Data in this exercise:
▼▼▼

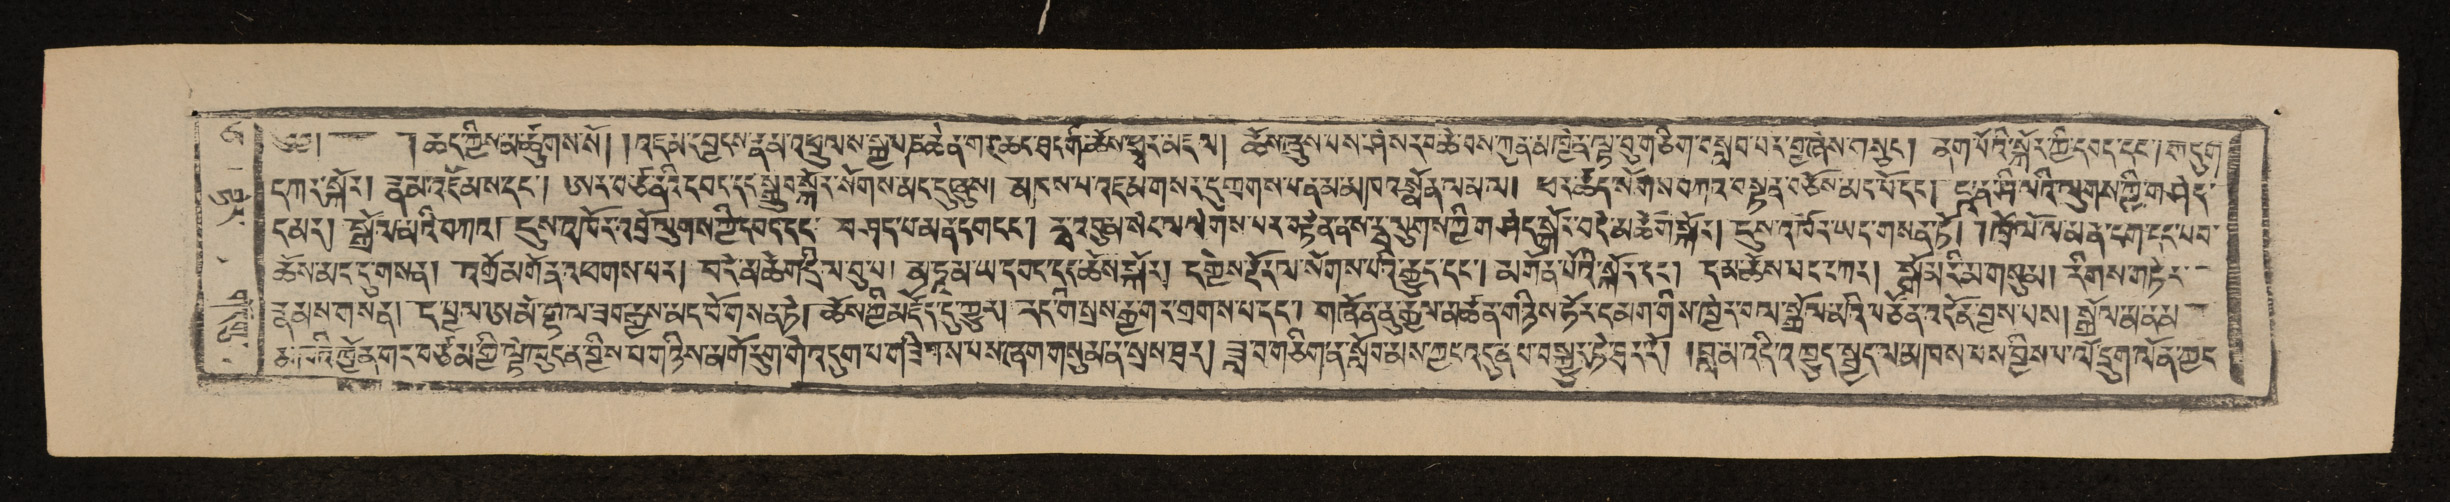༄༅། །ཆད་ཀྱིས་མཚུགས་སོ། །འཇམ་དབྱངས་རྣམ་འཕྲུལ་ས་སྐྱ་པཎ་ཆེན་གར་ཆང་ཐང་གི་ཆོས་གྲྭར་མཇལ། ཆོས་ཞུས་པས་ཤེས་རབ་ཆེ་བས་ཀུན་མཁྱེན་ལྟ་བུ་གཅིག་བསླབ་པར་བྱ་ཞེས་གསུང་། ནག་པོའི་སྐོར་གྱི་དབང་དང་། གདུགས་
དཀར་སྐོར། རྣམ་འཇོམས་དང་། ཨ་ར་པ་ཙ་ནའི་དབང་དང་སྒྲུབ་སྐོར་སོགས་མང་དུ་ཞུས། མཁས་པ་འཇམ་གསར་དུ་གྲགས་པ་ནམ་མཁའ་སྨོན་ལམ་ལ། ཕར་ཚད་སོགས་བཀའ་བསྟན་བཅོས་མང་པོ་དང་། དཱ་ན་ཤི་ལའི་ལུགས་ཀྱི་གཤེད་
དམར། སྒྲོལ་མའི་བཀའ། དུས་འཁོར་འབྲོ་ལུགས་ཀྱི་དབང་དང་། བཤད་པ་མན་ངག་དང་། རྭ་འབུམ་སེང་ལ་ལེགས་པར་བརྟེན་ནས་རྭ་ལུགས་ཀྱི་གཤེད་སྐོར་བདེ་མཆོག་སྐོར། དུས་འཁོར་ཡང་གསན་ཏོ། །ཁྲོ་ལོ་ལ་མན་ངག་དང་ཟབ་
ཆོས་མང་དུ་གསན། འགྲོ་མགོན་འཕགས་པར། བདེ་མཆོག་དྲིལ་བུ་པ། མཧཱ་མ་ཡ་དབང་དང་ཆོས་སྐོར། དགྱེས་རྡོར་ལ་སོགས་པའི་རྒྱུད་དང་། མགོན་པོའི་སྐོར་དང་། དམ་ཆོས་པད་དཀར། སྒོམ་རིམ་གསུམ། རིགས་གཏེར་
རྣམས་གསན། དཔྱལ་ཨ་མོ་གྷ་ལ་ཟབ་རྒྱས་མང་པོ་གསན་ཏེ། ཆོས་ཀྱི་མཛོད་དུ་གྱུར། རང་གི་སྲས་རྒྱ་གར་གྲགས་པ་དང་། གཞོན་ནུ་རྒྱལ་མཚན་གཉིས་ཧོར་དམག་གིས་ཁྱེར་བ་ལ་སྒྲོལ་མའི་བཙོན་འདོན་བྱས་པས། སྒྲོལ་མ་ནམ་
མཁའི་ཁྱོན་གང་བ་ཙམ་གྱི་ལྟེ་ཁུང་ན་བྱིས་པ་གཉིས་མགོ་རུག་གི་འདུག་པ་གཟིགས་པས་ཞག་གསུམ་ན་སྲས་ཐར། ཟླ་བ་གཅིག་ན་སློབ་མས་ཀྱང་འདུན་བ་བསྐྱུར་ཏེ་ཐར་རོ། །བླ་མ་འདི་འཁྱུད་སྤྱད་ལ་མཁས་པས་བྱིས་པ་ལོ་དྲུག་ལོན་ཀྱང་
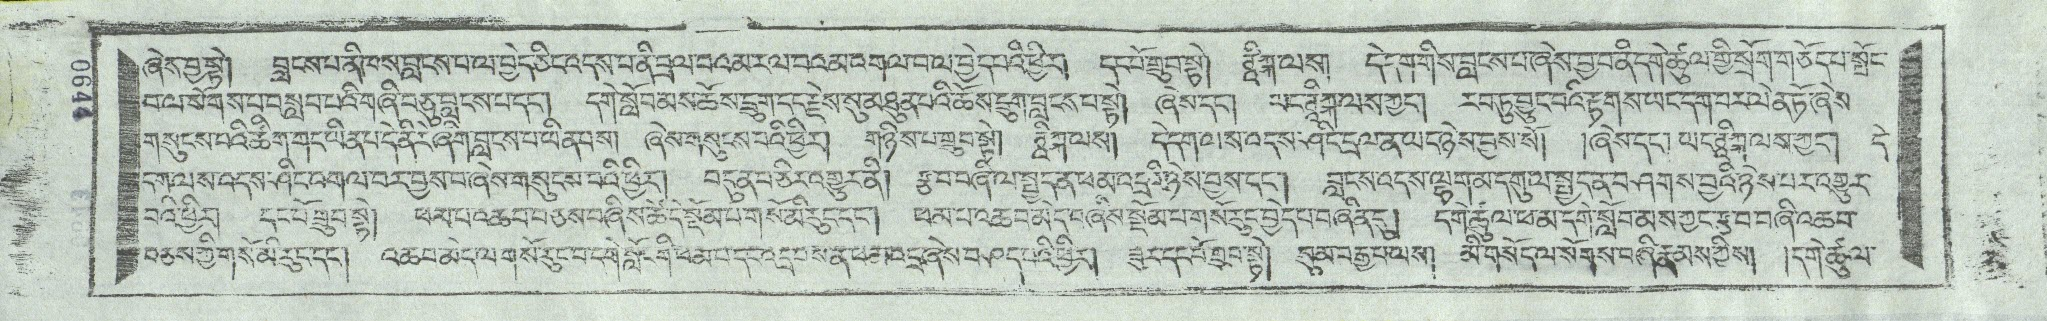ཞེས་བྱ་སྟེ། བླངས་པ་ནི་ཁས་བླངས་པ་ལ་བྱེད་ཅིང་འདས་པ་ནི་བྲལ་བའམ་རལ་བའམ་འགལ་བ་ལ་བྱེད་པའི་ཕྱིར། དང་པོ་གྲུབ་སྟེ། ཊཱིཀྐ་ལས། དེ་དག་གིས་བླངས་པ་ཞེས་བྱ་བ་ནི་དགེ་ཚུལ་གྱི་སྲོག་གཅོད་པ་སྤོང་
བ་ལ་སོགས་པ་བསླབ་པའི་གཞི་བཅུ་བླངས་པ་དང་། དགེ་སློབ་མས་ཆོས་དྲུག་དང་རྗེས་སུ་མཐུན་པའི་ཆོས་དྲུག་བླངས་པ་སྟེ། ཞེས་དང་། ལང་ཊཱིཀྐ་ལས་ཀྱང་། རབ་ཏུ་བྱུང་བའི་རྟགས་ཡང་དག་པར་ལེན་ཏོ་ཞེས་
གསུངས་པའི་ཚིག་གང་ཡིན་པ་དེ་ནི་རེ་ཞིག་བླངས་པ་ཡིན་པས། ཞེས་གསུངས་པའི་ཕྱིར། གཉིས་པ་གྲུབ་སྟེ། ཊཱིཀྐ་ལས། དེ་དག་ལས་འདས་ཤིང་དྲལ་ན་ཡང་ཉེས་བྱས་སོ། །ཞེས་དང་། ཡང་ཊཱིཀྐ་ལས་ཀྱང་། དེ་
དག་ལས་འདས་ཤིང་འགལ་བར་བྱས་པ་ཞེས་གསུངས་པའི་ཕྱིར། བདུན་པ་ཅིར་འགྱུར་ནི། རྩ་བ་བཞི་ལ་སྤྱད་ན་ཕམ་འདྲའི་ཉེས་བྱས་དང་། བླངས་འདས་ལྷག་མ་དགུ་ལ་སྤྱད་ན་བཤགས་བྱའི་ཉེས་པར་འགྱུར་
བའི་ཕྱིར། དང་པོ་གྲུབ་སྟེ། ཕམ་པ་འཆབ་བཅས་བཞིས་ཚེ་དེ་སྡོམ་པ་གསོ་མི་རུང་དང་། ཕམ་པ་འཆབ་མེད་བཞིས་སྡོམ་པ་གསོ་རུང་བྱེད་པ་བཞིན་དུ། དགེ་ཚུལ་ཕ་མ་དགེ་སློབ་མས་ཀྱང་རྩ་བ་བཞི་འཆབ་
བཅས་ཀྱི་གསོ་མི་རུང་དང་། འཆབ་མེད་ལ་གསོ་རུང་བ་དགེ་སློང་གི་ཕམ་པ་དང་འདྲ་བས་ན་ཕམ་འདྲ་ཞེས་བཤད་པའི་ཕྱིར། ཟུར་དང་པོ་གྲུབ་སྟེ། སུམ་བརྒྱ་པ་ལས། མི་གསོད་ལ་སོགས་བཞི་རྣམས་ཀྱིས། །དགེ་ཚུལ་

▲▲▲

Problem to work on:
Your copy must reproduce the entries above in full, without their pictures.

Solution for this task:
༄༅། །ཆད་ཀྱིས་མཚུགས་སོ། །འཇམ་དབྱངས་རྣམ་འཕྲུལ་ས་སྐྱ་པཎ་ཆེན་གར་ཆང་ཐང་གི་ཆོས་གྲྭར་མཇལ། ཆོས་ཞུས་པས་ཤེས་རབ་ཆེ་བས་ཀུན་མཁྱེན་ལྟ་བུ་གཅིག་བསླབ་པར་བྱ་ཞེས་གསུང་། ནག་པོའི་སྐོར་གྱི་དབང་དང་། གདུགས་
དཀར་སྐོར། རྣམ་འཇོམས་དང་། ཨ་ར་པ་ཙ་ནའི་དབང་དང་སྒྲུབ་སྐོར་སོགས་མང་དུ་ཞུས། མཁས་པ་འཇམ་གསར་དུ་གྲགས་པ་ནམ་མཁའ་སྨོན་ལམ་ལ། ཕར་ཚད་སོགས་བཀའ་བསྟན་བཅོས་མང་པོ་དང་། དཱ་ན་ཤི་ལའི་ལུགས་ཀྱི་གཤེད་
དམར། སྒྲོལ་མའི་བཀའ། དུས་འཁོར་འབྲོ་ལུགས་ཀྱི་དབང་དང་། བཤད་པ་མན་ངག་དང་། རྭ་འབུམ་སེང་ལ་ལེགས་པར་བརྟེན་ནས་རྭ་ལུགས་ཀྱི་གཤེད་སྐོར་བདེ་མཆོག་སྐོར། དུས་འཁོར་ཡང་གསན་ཏོ། །ཁྲོ་ལོ་ལ་མན་ངག་དང་ཟབ་
ཆོས་མང་དུ་གསན། འགྲོ་མགོན་འཕགས་པར། བདེ་མཆོག་དྲིལ་བུ་པ། མཧཱ་མ་ཡ་དབང་དང་ཆོས་སྐོར། དགྱེས་རྡོར་ལ་སོགས་པའི་རྒྱུད་དང་། མགོན་པོའི་སྐོར་དང་། དམ་ཆོས་པད་དཀར། སྒོམ་རིམ་གསུམ། རིགས་གཏེར་
རྣམས་གསན། དཔྱལ་ཨ་མོ་གྷ་ལ་ཟབ་རྒྱས་མང་པོ་གསན་ཏེ། ཆོས་ཀྱི་མཛོད་དུ་གྱུར། རང་གི་སྲས་རྒྱ་གར་གྲགས་པ་དང་། གཞོན་ནུ་རྒྱལ་མཚན་གཉིས་ཧོར་དམག་གིས་ཁྱེར་བ་ལ་སྒྲོལ་མའི་བཙོན་འདོན་བྱས་པས། སྒྲོལ་མ་ནམ་
མཁའི་ཁྱོན་གང་བ་ཙམ་གྱི་ལྟེ་ཁུང་ན་བྱིས་པ་གཉིས་མགོ་རུག་གི་འདུག་པ་གཟིགས་པས་ཞག་གསུམ་ན་སྲས་ཐར། ཟླ་བ་གཅིག་ན་སློབ་མས་ཀྱང་འདུན་བ་བསྐྱུར་ཏེ་ཐར་རོ། །བླ་མ་འདི་འཁྱུད་སྤྱད་ལ་མཁས་པས་བྱིས་པ་ལོ་དྲུག་ལོན་ཀྱང་
ཞེས་བྱ་སྟེ། བླངས་པ་ནི་ཁས་བླངས་པ་ལ་བྱེད་ཅིང་འདས་པ་ནི་བྲལ་བའམ་རལ་བའམ་འགལ་བ་ལ་བྱེད་པའི་ཕྱིར། དང་པོ་གྲུབ་སྟེ། ཊཱིཀྐ་ལས། དེ་དག་གིས་བླངས་པ་ཞེས་བྱ་བ་ནི་དགེ་ཚུལ་གྱི་སྲོག་གཅོད་པ་སྤོང་
བ་ལ་སོགས་པ་བསླབ་པའི་གཞི་བཅུ་བླངས་པ་དང་། དགེ་སློབ་མས་ཆོས་དྲུག་དང་རྗེས་སུ་མཐུན་པའི་ཆོས་དྲུག་བླངས་པ་སྟེ། ཞེས་དང་། ལང་ཊཱིཀྐ་ལས་ཀྱང་། རབ་ཏུ་བྱུང་བའི་རྟགས་ཡང་དག་པར་ལེན་ཏོ་ཞེས་
གསུངས་པའི་ཚིག་གང་ཡིན་པ་དེ་ནི་རེ་ཞིག་བླངས་པ་ཡིན་པས། ཞེས་གསུངས་པའི་ཕྱིར། གཉིས་པ་གྲུབ་སྟེ། ཊཱིཀྐ་ལས། དེ་དག་ལས་འདས་ཤིང་དྲལ་ན་ཡང་ཉེས་བྱས་སོ། །ཞེས་དང་། ཡང་ཊཱིཀྐ་ལས་ཀྱང་། དེ་
དག་ལས་འདས་ཤིང་འགལ་བར་བྱས་པ་ཞེས་གསུངས་པའི་ཕྱིར། བདུན་པ་ཅིར་འགྱུར་ནི། རྩ་བ་བཞི་ལ་སྤྱད་ན་ཕམ་འདྲའི་ཉེས་བྱས་དང་། བླངས་འདས་ལྷག་མ་དགུ་ལ་སྤྱད་ན་བཤགས་བྱའི་ཉེས་པར་འགྱུར་
བའི་ཕྱིར། དང་པོ་གྲུབ་སྟེ། ཕམ་པ་འཆབ་བཅས་བཞིས་ཚེ་དེ་སྡོམ་པ་གསོ་མི་རུང་དང་། ཕམ་པ་འཆབ་མེད་བཞིས་སྡོམ་པ་གསོ་རུང་བྱེད་པ་བཞིན་དུ། དགེ་ཚུལ་ཕ་མ་དགེ་སློབ་མས་ཀྱང་རྩ་བ་བཞི་འཆབ་
བཅས་ཀྱི་གསོ་མི་རུང་དང་། འཆབ་མེད་ལ་གསོ་རུང་བ་དགེ་སློང་གི་ཕམ་པ་དང་འདྲ་བས་ན་ཕམ་འདྲ་ཞེས་བཤད་པའི་ཕྱིར། ཟུར་དང་པོ་གྲུབ་སྟེ། སུམ་བརྒྱ་པ་ལས། མི་གསོད་ལ་སོགས་བཞི་རྣམས་ཀྱིས། །དགེ་ཚུལ་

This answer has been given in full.